#### EXERCISE DATA
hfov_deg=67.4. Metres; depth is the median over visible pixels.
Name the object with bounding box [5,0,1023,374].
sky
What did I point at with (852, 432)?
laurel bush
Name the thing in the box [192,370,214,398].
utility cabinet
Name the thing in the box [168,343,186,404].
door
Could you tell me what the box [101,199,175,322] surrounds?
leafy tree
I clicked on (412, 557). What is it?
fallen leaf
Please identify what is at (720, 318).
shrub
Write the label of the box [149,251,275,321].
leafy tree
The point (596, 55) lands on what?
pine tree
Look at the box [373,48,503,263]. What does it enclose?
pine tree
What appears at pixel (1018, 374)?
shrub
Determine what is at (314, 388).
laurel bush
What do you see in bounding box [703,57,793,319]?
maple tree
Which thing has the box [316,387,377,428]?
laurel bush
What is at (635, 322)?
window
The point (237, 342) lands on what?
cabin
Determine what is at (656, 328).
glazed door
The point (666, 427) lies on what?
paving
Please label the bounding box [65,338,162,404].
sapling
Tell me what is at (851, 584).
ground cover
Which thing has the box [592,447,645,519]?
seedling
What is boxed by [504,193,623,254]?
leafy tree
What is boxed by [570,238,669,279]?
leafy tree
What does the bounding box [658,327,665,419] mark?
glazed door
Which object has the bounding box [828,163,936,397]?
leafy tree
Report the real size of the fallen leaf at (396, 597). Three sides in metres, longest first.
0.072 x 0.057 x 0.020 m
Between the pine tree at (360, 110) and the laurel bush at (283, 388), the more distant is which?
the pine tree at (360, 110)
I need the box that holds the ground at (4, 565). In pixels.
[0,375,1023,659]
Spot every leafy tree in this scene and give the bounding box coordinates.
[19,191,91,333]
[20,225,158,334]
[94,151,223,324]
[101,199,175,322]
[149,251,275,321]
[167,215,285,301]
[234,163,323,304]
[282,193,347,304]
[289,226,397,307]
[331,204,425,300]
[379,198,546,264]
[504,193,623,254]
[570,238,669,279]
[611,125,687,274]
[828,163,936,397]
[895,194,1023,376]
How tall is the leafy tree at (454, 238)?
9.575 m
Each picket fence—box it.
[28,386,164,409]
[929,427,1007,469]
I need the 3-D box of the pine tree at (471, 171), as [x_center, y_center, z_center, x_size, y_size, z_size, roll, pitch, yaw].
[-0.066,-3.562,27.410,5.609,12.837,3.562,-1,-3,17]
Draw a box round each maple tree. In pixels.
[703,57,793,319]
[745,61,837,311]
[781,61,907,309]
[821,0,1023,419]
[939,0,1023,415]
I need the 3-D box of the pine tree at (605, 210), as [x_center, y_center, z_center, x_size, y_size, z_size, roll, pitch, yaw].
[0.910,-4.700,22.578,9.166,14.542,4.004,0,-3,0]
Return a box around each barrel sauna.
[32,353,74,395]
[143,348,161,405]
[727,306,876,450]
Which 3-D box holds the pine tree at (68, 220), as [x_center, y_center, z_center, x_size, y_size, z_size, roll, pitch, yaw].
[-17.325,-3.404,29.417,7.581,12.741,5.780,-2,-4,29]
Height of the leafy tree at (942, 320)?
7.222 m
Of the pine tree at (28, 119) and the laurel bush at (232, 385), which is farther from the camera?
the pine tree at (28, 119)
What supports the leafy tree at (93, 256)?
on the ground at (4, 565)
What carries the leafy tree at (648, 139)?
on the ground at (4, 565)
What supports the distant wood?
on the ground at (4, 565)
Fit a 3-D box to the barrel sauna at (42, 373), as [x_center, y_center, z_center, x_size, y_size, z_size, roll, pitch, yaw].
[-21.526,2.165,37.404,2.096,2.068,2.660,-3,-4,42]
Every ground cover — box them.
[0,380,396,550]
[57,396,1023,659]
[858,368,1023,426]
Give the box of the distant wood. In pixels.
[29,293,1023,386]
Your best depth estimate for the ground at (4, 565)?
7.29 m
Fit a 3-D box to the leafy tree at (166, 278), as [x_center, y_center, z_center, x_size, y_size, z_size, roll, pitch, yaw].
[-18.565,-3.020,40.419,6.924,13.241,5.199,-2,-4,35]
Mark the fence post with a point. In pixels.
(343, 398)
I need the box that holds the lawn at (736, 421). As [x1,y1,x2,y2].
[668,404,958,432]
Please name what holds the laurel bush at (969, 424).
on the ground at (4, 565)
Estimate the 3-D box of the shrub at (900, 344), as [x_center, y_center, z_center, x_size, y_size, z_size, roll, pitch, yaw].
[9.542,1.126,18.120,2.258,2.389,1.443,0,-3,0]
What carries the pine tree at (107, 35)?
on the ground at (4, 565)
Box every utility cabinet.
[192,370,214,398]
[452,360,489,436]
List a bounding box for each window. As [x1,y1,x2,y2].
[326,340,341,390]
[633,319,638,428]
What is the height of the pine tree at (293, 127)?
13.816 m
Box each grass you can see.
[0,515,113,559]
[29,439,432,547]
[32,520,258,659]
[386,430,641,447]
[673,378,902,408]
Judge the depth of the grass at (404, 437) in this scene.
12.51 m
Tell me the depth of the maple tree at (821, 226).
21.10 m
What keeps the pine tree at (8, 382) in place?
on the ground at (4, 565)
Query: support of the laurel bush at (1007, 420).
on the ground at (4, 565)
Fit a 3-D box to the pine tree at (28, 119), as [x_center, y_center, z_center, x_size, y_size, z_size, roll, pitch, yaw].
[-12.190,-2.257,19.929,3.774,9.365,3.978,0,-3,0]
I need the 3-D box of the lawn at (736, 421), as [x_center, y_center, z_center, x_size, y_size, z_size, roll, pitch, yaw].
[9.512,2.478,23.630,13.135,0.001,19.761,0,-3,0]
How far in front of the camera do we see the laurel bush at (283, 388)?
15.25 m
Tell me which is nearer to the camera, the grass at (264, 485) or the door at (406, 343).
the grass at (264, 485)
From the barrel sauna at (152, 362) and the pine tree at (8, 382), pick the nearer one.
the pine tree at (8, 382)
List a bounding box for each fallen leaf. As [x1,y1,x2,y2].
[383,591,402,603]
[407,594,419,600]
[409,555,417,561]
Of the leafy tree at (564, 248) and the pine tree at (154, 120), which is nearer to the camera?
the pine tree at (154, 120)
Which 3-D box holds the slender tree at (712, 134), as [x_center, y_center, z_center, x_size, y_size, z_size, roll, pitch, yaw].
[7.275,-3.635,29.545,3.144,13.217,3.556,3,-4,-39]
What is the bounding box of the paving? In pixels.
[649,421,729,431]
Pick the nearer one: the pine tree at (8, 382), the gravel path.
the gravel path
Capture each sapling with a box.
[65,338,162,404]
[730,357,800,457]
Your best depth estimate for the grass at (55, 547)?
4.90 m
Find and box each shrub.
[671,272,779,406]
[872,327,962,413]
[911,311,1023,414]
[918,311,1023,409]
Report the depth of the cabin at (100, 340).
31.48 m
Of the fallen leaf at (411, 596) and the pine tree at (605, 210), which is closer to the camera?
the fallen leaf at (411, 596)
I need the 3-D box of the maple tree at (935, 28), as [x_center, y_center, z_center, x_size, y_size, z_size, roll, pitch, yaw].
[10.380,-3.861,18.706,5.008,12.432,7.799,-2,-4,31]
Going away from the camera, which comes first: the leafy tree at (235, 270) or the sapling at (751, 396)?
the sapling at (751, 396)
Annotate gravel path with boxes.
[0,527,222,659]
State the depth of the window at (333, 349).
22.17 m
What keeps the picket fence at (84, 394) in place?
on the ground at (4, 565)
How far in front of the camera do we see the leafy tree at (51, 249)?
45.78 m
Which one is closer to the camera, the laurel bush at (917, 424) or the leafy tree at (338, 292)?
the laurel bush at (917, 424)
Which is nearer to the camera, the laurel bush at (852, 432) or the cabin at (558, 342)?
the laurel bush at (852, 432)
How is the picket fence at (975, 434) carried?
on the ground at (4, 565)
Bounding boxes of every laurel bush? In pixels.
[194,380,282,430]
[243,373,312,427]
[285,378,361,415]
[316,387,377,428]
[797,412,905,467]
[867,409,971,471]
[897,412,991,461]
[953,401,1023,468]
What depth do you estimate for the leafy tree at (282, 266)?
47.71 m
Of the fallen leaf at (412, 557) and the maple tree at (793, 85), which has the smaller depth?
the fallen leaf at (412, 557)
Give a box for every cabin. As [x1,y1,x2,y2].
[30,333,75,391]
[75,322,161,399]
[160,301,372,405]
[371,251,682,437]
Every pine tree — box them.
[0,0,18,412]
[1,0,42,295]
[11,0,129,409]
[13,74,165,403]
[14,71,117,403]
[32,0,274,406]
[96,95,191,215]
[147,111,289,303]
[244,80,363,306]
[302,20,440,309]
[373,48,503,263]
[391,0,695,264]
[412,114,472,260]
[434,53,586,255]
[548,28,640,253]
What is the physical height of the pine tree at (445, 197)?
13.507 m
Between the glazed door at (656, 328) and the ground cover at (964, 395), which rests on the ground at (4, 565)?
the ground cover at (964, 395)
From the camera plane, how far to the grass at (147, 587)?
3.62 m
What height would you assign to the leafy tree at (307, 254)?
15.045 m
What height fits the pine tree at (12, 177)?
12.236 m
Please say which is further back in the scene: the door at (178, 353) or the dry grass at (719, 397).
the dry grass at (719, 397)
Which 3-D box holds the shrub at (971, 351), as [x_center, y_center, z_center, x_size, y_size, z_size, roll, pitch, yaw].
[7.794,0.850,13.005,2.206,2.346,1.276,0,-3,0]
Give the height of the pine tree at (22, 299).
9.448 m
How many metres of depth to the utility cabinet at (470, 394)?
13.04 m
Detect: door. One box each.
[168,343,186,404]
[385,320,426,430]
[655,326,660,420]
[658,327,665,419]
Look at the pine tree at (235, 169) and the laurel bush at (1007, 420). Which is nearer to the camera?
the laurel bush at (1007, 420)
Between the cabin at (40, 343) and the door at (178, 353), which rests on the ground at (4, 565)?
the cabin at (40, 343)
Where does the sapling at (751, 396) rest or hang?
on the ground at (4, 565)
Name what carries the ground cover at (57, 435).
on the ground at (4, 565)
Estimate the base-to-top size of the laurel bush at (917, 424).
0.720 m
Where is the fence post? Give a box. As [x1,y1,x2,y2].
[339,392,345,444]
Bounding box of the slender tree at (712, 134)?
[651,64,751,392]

==

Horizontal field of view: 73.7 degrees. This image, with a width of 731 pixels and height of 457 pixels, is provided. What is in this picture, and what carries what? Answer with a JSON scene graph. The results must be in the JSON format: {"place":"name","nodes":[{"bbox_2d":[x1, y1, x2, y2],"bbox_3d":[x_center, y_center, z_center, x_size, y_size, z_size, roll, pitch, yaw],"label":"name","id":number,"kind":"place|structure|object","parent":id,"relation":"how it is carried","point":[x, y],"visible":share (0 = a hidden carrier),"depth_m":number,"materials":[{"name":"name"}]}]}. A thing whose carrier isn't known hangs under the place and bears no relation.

#### WORK TO BE COMPLETED
Scan the material above for the word "lawn", and copy every line in which it is found.

#### SOLVED EXERCISE
I need the box that holds the lawn at (736, 421). As [x1,y1,x2,y2].
I need the 3-D box of the lawn at (736, 421), as [x_center, y_center, z_center, x_size, y_size, z_size, roll, pitch, yaw].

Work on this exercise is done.